Zuhause klappte ich mein Laptop auf und freute mich über die vertrauten Gesichter auf dem Bildschirm. Zufälligerweise war ein Teammitglied für seine Doktorarbeit zur selben Zeit auch in Zürich. Wir begrüßten uns alle und machten uns zügig an die Arbeit. Der diesjährige Kongress würde in zwei Wochen stattfinden und es gab reichlich zu tun. Wir erwarteten fast vierhundert Gäste und Teilnehmer. Seit April arbeitete das Team fleißig an der Digitalisierung. Immer wieder haben wir die digitale Plattform getestet, um sicherzustellen, dass am Kongresstag nichts schief laufen würde. Ein letztes Mal diskutierten wir das Programm und die Logistik. Jeder wusste Bescheid, was er zu tun hatte. Wir waren vorbereitet.
Tagsüber im Spital arbeiten, abends den Kongress vorbereiten
Die weiteren Tage verliefen ereignisreich. Tagsüber arbeitete ich im Spital auf der Plastischen Chirurgie, wo ich die Eintritte für Patienten mit vielfältigen Leiden vorbereitete und bei Operationen assistierte. Das Fach ist sehr vielseitig, und die Operationen reichen von Hautkrebsresektionen, Armamputationen bis zu Brustrekonstruktionen. Immer wieder waren aber die Gedanken bei meinem ersten Patienten auf dieser Station und ich hoffte, dass er möglichst schmerzfrei war.
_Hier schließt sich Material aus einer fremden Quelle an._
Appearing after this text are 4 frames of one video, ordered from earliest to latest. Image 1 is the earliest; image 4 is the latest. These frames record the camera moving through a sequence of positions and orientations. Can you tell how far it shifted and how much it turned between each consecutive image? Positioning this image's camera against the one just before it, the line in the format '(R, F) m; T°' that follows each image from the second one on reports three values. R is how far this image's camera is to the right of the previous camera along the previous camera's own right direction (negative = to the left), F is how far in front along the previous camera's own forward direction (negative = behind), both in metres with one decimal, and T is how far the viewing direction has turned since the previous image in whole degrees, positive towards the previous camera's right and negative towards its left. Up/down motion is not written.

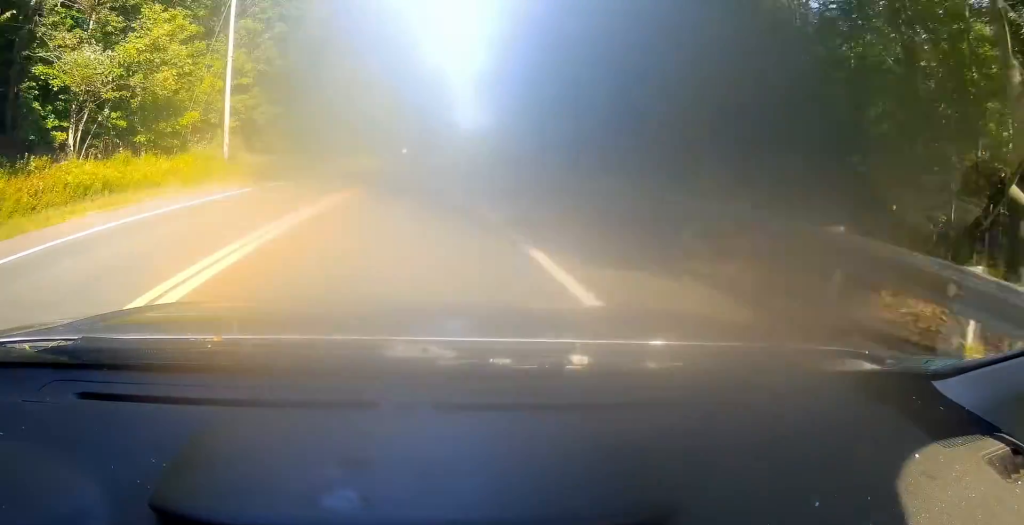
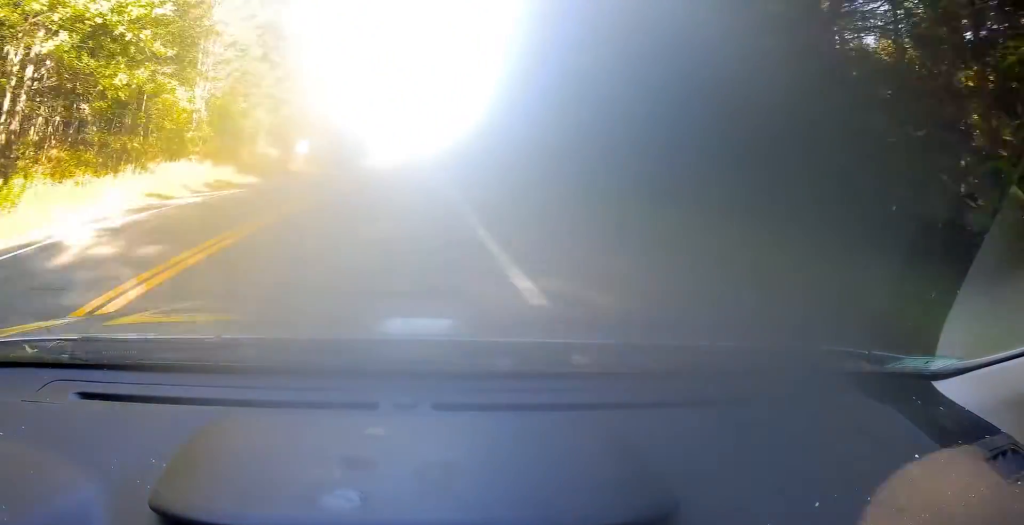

Die meiste Zeit lag er mit Verband im Bett und schlief. Nachdem ich die Eintritte für den Folgetag vorbereitet hatte machte ich mich auf den Heimweg. Dort ging die Arbeit mit dem Heidelberger Promotionskongress weiter, der immer näher rückte.
Am 27.11.2020 war es soweit. Es war Freitag und der zweitägige Kongress stand vor der Tür. Ich war aufgeregt und hoffte, dass alles problemlos ablaufen würde. Gleichzeitig freute ich mich. Wir hatten lange auf diesen Tag gewartet. Der Kongress startete wie üblich mit der Einführung durch die Studiendekanin. Für jede virtuelle Session gab es einen Moderator und ein Backup. Auch ich moderierte mehrere Sessions durch die Kamera. Beide Tage liefen ohne Schwierigkeiten ab. Nach der Preisverleihung für die besten Poster am Samstag Abend traf ich das Team ein letztes Mal im virtuellen Orga-Raum. Die Teilnehmer, aber auch wir, waren sehr zufrieden mit dem digitalen Format. Wir haben ein gut eingespieltes Team und der Kongress war bisher jedes Mal ein Erfolg. Dieses Jahr hatte ich wieder viel Spass bei der Gestaltung und war etwas traurig, dass es das letzte Mal sein würde.
Die Zeit auf der Plastischen Chirurgie neigte sich ebenfalls dem Ende zu. Ich würde als nächstes auf die Viszeralchirurgie rotieren und mich mit unterschiedlichen Tumorkrankheiten befassen. Ein letztes Mal besuchte ich den Patienten in seinem Zimmer. Er lächelte. Heute würde seine Frau zu Besuch kommen und er freute sich darüber. Auch ich freute mich sehr für ihn. Ich weiß zwar nicht, wie lange der Patient zu leben hat, aber ich hoffe, dass er trotz allem so viele Tage wie möglich mit diesem Lächeln lebt.